Directions: The lines to copy from the data below are those that hold the string "condensed".
*** Input records Section Begins ***
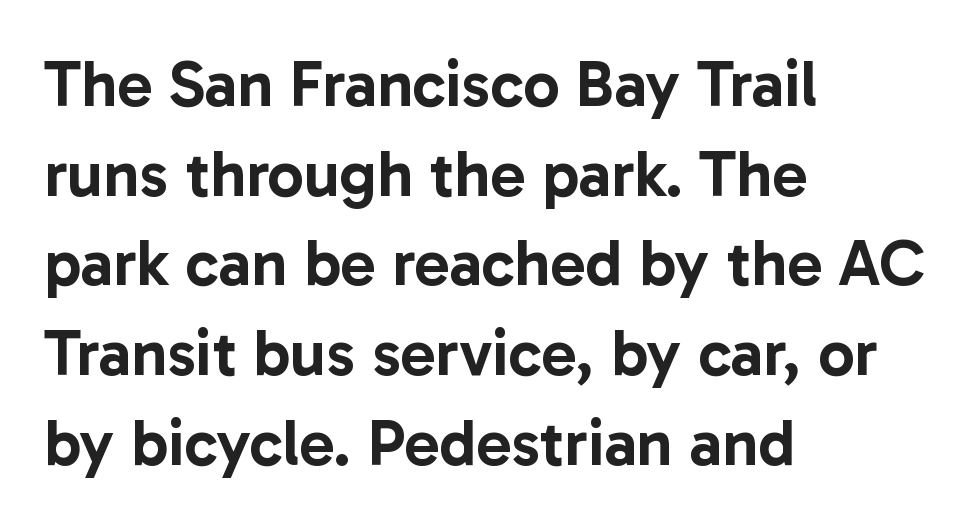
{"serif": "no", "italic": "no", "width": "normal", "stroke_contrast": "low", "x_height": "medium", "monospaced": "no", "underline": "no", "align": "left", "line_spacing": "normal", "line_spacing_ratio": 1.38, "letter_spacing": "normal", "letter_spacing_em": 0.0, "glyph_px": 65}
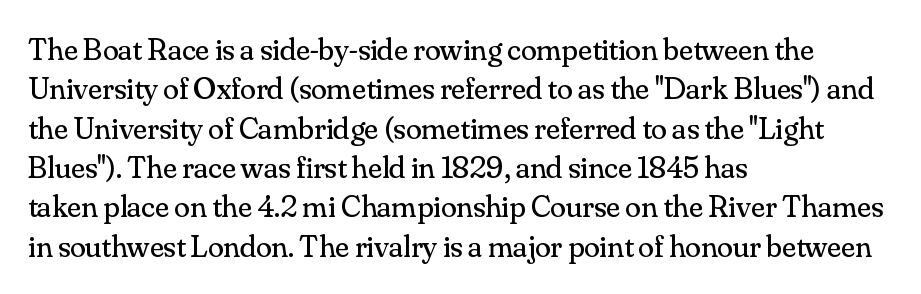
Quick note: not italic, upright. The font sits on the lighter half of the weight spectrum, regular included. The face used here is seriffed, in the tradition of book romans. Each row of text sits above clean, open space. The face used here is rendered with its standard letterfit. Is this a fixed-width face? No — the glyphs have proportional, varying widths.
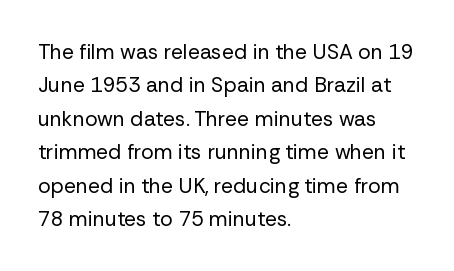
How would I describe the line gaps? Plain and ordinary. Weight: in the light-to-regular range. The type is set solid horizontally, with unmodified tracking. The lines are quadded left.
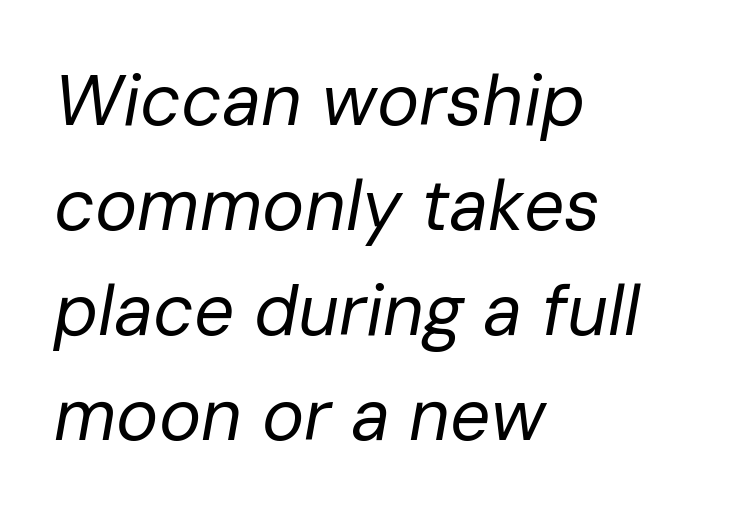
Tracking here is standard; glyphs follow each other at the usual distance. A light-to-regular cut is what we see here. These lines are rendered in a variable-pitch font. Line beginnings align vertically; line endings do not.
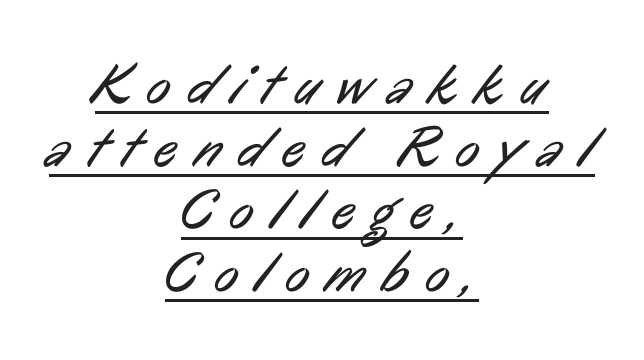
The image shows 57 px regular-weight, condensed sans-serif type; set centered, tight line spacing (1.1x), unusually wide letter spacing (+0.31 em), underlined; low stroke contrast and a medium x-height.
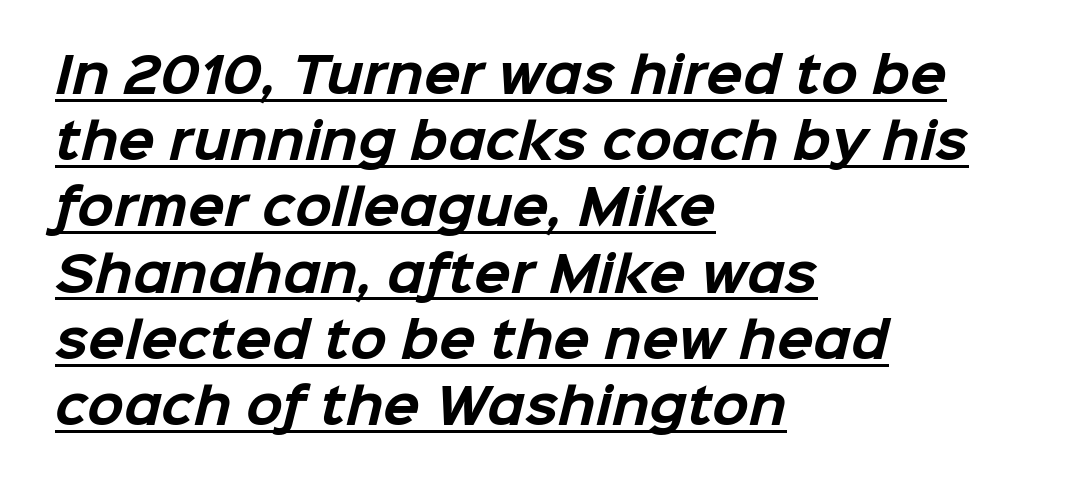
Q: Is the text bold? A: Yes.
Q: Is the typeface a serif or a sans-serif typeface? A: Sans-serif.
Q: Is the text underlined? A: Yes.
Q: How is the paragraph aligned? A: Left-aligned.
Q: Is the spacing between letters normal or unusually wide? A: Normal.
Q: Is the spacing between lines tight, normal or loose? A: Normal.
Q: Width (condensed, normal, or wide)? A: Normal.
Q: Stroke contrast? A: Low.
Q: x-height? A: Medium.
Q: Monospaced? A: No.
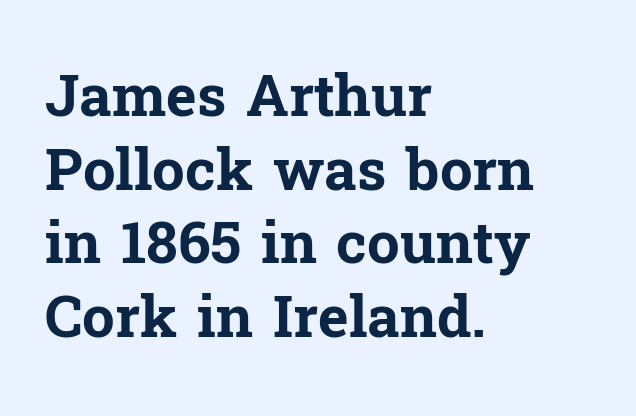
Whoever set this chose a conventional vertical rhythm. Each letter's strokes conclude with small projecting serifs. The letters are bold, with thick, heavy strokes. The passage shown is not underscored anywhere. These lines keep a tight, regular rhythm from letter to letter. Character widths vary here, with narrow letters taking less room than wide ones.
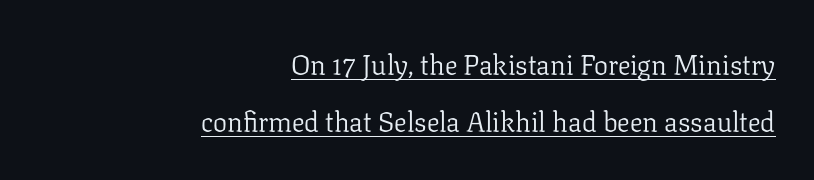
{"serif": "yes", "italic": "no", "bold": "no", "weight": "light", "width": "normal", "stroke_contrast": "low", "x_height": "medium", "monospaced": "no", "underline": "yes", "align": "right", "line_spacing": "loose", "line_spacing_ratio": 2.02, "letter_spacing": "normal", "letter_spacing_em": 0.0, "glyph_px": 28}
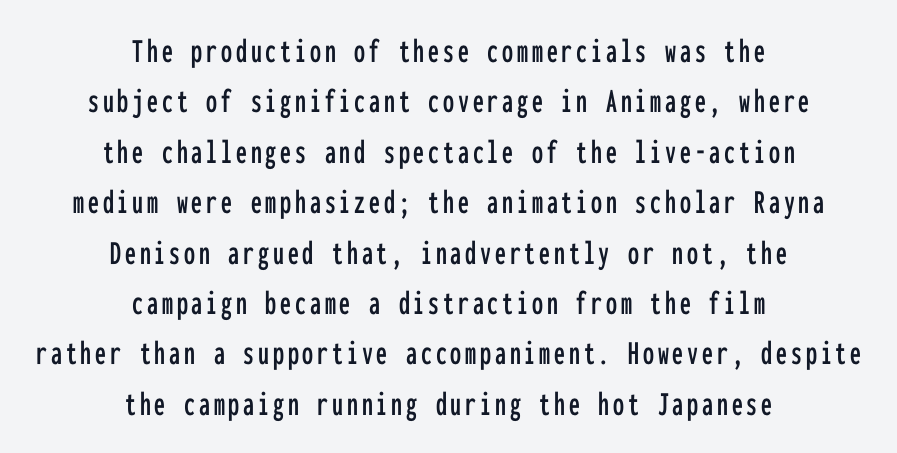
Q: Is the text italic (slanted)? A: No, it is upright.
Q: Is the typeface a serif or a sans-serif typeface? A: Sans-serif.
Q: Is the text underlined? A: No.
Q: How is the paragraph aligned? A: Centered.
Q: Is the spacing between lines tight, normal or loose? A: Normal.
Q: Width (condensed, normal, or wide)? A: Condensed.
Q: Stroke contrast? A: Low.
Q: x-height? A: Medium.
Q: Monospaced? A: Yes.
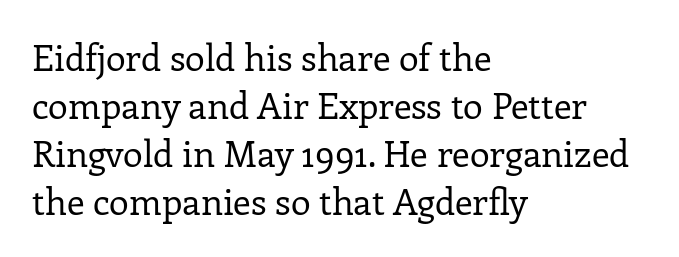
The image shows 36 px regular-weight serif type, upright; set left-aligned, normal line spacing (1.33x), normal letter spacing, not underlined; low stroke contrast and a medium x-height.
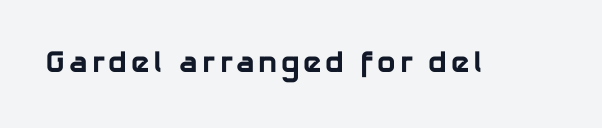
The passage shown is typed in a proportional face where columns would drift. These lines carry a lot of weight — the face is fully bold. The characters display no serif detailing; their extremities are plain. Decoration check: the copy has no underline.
*** Input records Section Ends ***
Reply to the task:
The image shows 57 px regular-weight, condensed sans-serif type; set centered, tight line spacing (1.1x), unusually wide letter spacing (+0.31 em), underlined; low stroke contrast and a medium x-height.
Q: Width (condensed, normal, or wide)? A: Normal.
Q: Width (condensed, normal, or wide)? A: Condensed.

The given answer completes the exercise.